CPython Segfault in 5 lines of code

(Works as described on at least CPython 3.6-3.8)

So this is pretty weird, right?

Let's look at why this happens. First, we define a subclass of Exception that returns a non-exception from its __new__ constructor. This could be anything, as long as it's not actually an instance of BaseException:

import random
class E(BaseException):
    def __new__(cls, *args, **kwargs):
        return random.choice([1, (), {}, ""])
def a(): yield
# will still always segfault:
a().throw(E)

Well, almost anything; a few things I've found that don't segfault are lists and generators- I'll come back to this later.

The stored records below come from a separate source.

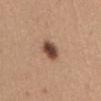Clinical impression: Captured during whole-body skin photography for melanoma surveillance; the lesion was not biopsied. Image and clinical context: Longest diameter approximately 3 mm. The tile uses white-light illumination. Automated tile analysis of the lesion measured an area of roughly 6 mm² and an outline eccentricity of about 0.5 (0 = round, 1 = elongated). The software also gave border irregularity of about 1.5 on a 0–10 scale and a within-lesion color-variation index near 4.5/10. And it measured an automated nevus-likeness rating near 95 out of 100 and a lesion-detection confidence of about 100/100. From the abdomen. A female subject, aged 28–32. This image is a 15 mm lesion crop taken from a total-body photograph.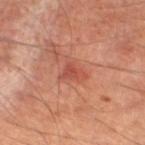This lesion was catalogued during total-body skin photography and was not selected for biopsy. Located on the left lower leg. A close-up tile cropped from a whole-body skin photograph, about 15 mm across. The tile uses cross-polarized illumination. An algorithmic analysis of the crop reported a lesion–skin lightness drop of about 8. The software also gave a border-irregularity index near 4.5/10, a color-variation rating of about 1.5/10, and radial color variation of about 0.5. The software also gave a classifier nevus-likeness of about 25/100 and lesion-presence confidence of about 100/100. A male patient, aged around 65.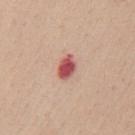Recorded during total-body skin imaging; not selected for excision or biopsy. Automated image analysis of the tile measured a border-irregularity index near 2/10, a color-variation rating of about 3/10, and peripheral color asymmetry of about 1. The software also gave an automated nevus-likeness rating near 0 out of 100 and a detector confidence of about 100 out of 100 that the crop contains a lesion. The lesion is on the back. A lesion tile, about 15 mm wide, cut from a 3D total-body photograph. This is a white-light tile. The subject is a female about 40 years old.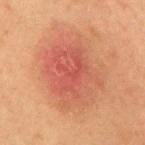follow-up=no biopsy performed (imaged during a skin exam)
patient=female, roughly 60 years of age
lighting=cross-polarized illumination
imaging modality=total-body-photography crop, ~15 mm field of view
automated lesion analysis=an area of roughly 43 mm² and an eccentricity of roughly 0.65; a border-irregularity index near 2.5/10, a within-lesion color-variation index near 6/10, and a peripheral color-asymmetry measure near 2
size=≈8.5 mm
body site=the mid back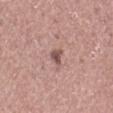Impression:
The lesion was photographed on a routine skin check and not biopsied; there is no pathology result.
Context:
A 15 mm close-up tile from a total-body photography series done for melanoma screening. The lesion is located on the left thigh. Automated image analysis of the tile measured a lesion area of about 3 mm². The software also gave border irregularity of about 3.5 on a 0–10 scale, a color-variation rating of about 1.5/10, and peripheral color asymmetry of about 0.5. It also reported lesion-presence confidence of about 100/100. A female subject aged 48 to 52. Approximately 2.5 mm at its widest. This is a white-light tile.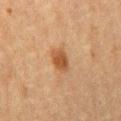<tbp_lesion>
<patient>
  <sex>male</sex>
  <age_approx>75</age_approx>
</patient>
<image>
  <source>total-body photography crop</source>
  <field_of_view_mm>15</field_of_view_mm>
</image>
<automated_metrics>
  <area_mm2_approx>5.0</area_mm2_approx>
  <eccentricity>0.85</eccentricity>
  <shape_asymmetry>0.15</shape_asymmetry>
  <border_irregularity_0_10>2.0</border_irregularity_0_10>
  <color_variation_0_10>2.0</color_variation_0_10>
  <peripheral_color_asymmetry>0.5</peripheral_color_asymmetry>
</automated_metrics>
<site>chest</site>
</tbp_lesion>

Then, we call the generator.throw() with E as its only argument. gen.throw() accepts up to 3 arguments, which mirror the arguments you'd pass to raise in Python 2:

raise TypeError, "Couldn't do thing", other_exc.__traceback__

We only pass it one argument, which because it's a type object (and a subclass of BaseException) it calls to get an exception object to throw to the generator (again, like raise). Usually, of course, type objects return an instance of themselves when called, but this one we've defined doesn't. But shouldn't it still just TypeError? And does raise do the same thing?

class E(BaseException):
    def __new__(cls, *args, **kwargs):
        return cls
# Python 3 still supports `raise ExceptionType`, just not the other arguments
raise E
Traceback (most recent call last):
  File "segfault.py", line 8, in <module>
    raise E
TypeError: calling <class '__main__.E'> should have returned an instance of BaseException, not <class 'type'>

raise works fine. Hmmm. Let's try looking up that error message in the CPython codebase.

// ceval.c, line 4238
    /* We support the following forms of raise:
       raise
       raise <instance>
       raise <type> */

     /* VVVVVVVVVVVVVVVVVVVVVVVVVVV is the argument a subclass of BaseException? */
    if (PyExceptionClass_Check(exc)) {
        type = exc;
     /* VVVVVVVVVVVVVVVVVVVVVVVVVVVVVVVV call the type object */
        value = _PyObject_CallNoArg(exc);
        if (value == NULL)
            goto raise_error;
          /* VVVVVVVVVVVVVVVVVVVVVVVVVVVVVVVV type check for instance of BaseException */
        if (!PyExceptionInstance_Check(value)) {
            _PyErr_Format(tstate, PyExc_TypeError,
                        /* VVVVVVVVVVVVVVVVVVVVVVVVVVVVVVVVVVVVVVVVVVVVVV search result for error message */
                          "calling %R should have returned an instance of "
                          "BaseException, not %R",
                          type, Py_TYPE(value));
             goto raise_error;
        }
    }
    else if (PyExceptionInstance_Check(exc)) {
        /* most common path, raising an already constructed exception */
        value = exc;
        type = PyExceptionInstance_Class(exc);
        Py_INCREF(type);
    }
    /* ... */

It looks like this type checking is done specifically in the code for executing the RAISE_VARARGS bytecode instruction, and not in any deeper machinery in the CPython interpreter. So does generator.throw() do this?

// genobject.c, line 483
     /* VVVVVVVVVVVVVVVVVVVVVVVVVVV check if it's a subclass of BaseException... */
    if (PyExceptionClass_Check(typ))
        PyErr_NormalizeException(&typ, &val, &tb);

          /* VVVVVVVVVVVVVVVVVVVVVVVVVVVVVV common path again */
    else if (PyExceptionInstance_Check(typ)) {
        /* Raising an instance.  The value should be a dummy. */
        /* ... */

Nope, it just passes it off to the interpreter function PyErr_NormalizeException. Does that validate the result of calling the exception type? Well, the source is pretty long and not that interesting, but you can read it for yourself and see that it does no checks whatsoever.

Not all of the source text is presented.